The cats are bigger.


----------



## jaysee (Dec 9, 2009)

Yeah mine are smaller than many cats too


----------



## Kithy (Nov 21, 2012)

D'awwww! Yours play so much nicer than mine!


----------



## jaysee (Dec 9, 2009)

Oh they get pretty rough with each other. It's not a good day of play until someone yelps.


----------



## LittleBettaFish (Oct 2, 2010)

We have three German Shepherds and they play so rough some times I wonder if the neighbours all think they are killing each other. There's growling and barking and hackles up as we all go flying around the yard. 

With that said, one of our dogs has a really soft temperament. She will lay down next to me and put her head/upper half of her body on my lap and sort of sigh. Then she usually goes to sleep as do my lower extremities. 
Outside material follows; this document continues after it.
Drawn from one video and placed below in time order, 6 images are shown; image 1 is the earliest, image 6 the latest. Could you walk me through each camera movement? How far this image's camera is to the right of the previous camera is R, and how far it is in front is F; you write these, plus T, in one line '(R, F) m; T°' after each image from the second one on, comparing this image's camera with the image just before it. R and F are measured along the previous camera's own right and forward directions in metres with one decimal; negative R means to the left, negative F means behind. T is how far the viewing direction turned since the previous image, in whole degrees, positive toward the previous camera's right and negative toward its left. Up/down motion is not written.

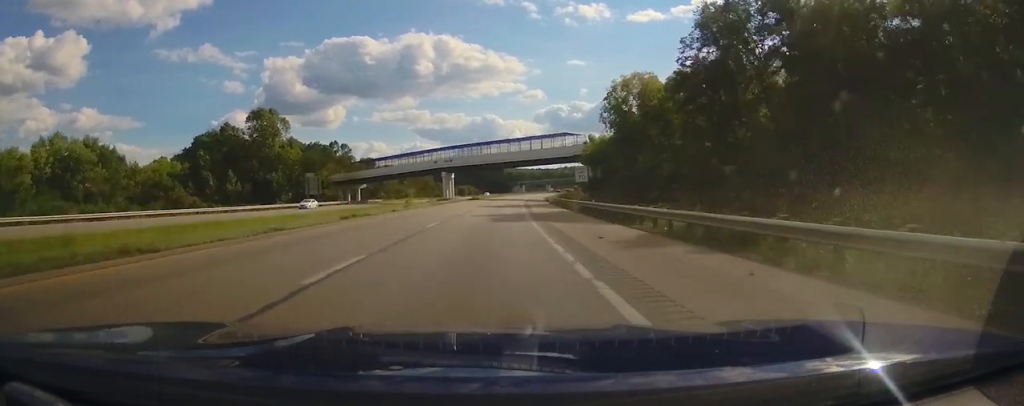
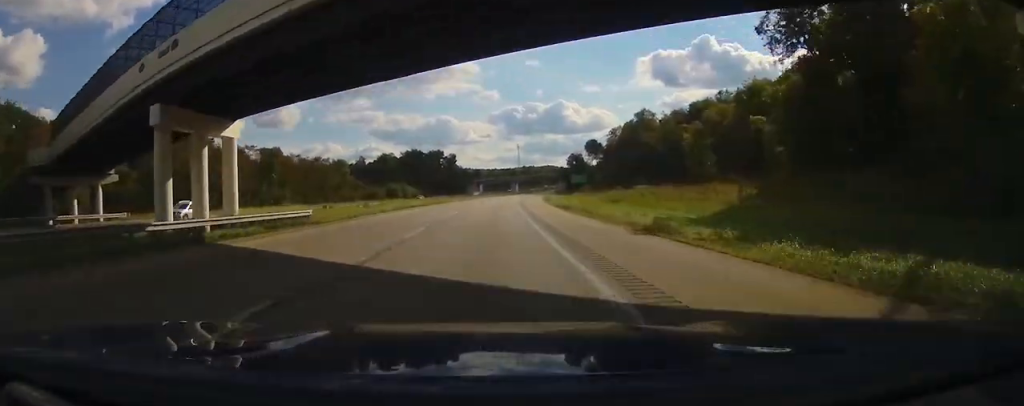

I always say that Nike thinks she is a small dog trapped in a big dog's body.


----------



## cheekysquirrel (Jan 7, 2014)

Sometimes my cat will use my arm like a pillow  And lean in when I give her kisses.
My ex had two Pomeranians. Jay and Sonya. I loved them both, but Jay was so sweet. He'd come and cuddle and lick any inch of skin he could find. I was quite allergic but I didn't care. I missed them both more than my ex when we broke up. Sadly, they've both passed on now :-(
My nanna's dog Rosie will sit with you and lean her back on you. And then she will not let you stop rubbing her belly. Seriously. Try it. See the sad, expectant look on her face. “Your arm is sore? But you've only rubbed my belly for three hours!”


----------



## Polkadot (Feb 10, 2013)

My beautiful dog Maggie is really smoochie & sweet.She's a Kelpie X Labrador and is medium sized and ever since she was a little puppy she's loved giving hugs,she does it just like a person with her arms wrapped right around me.Any time I lean over to pick up something etc she comes from nowhere and gives smooches.She makes me laugh so much,she just a magic girl. :mrgreen: All three of my dogs still want to sit on your lap and cuddle just like they did when they were puppies,even though they are full grown now.They all wrestle and tackle each other when they play together & at the same time are all just so affectionate & funny.I love them more than anything else in the world.


----------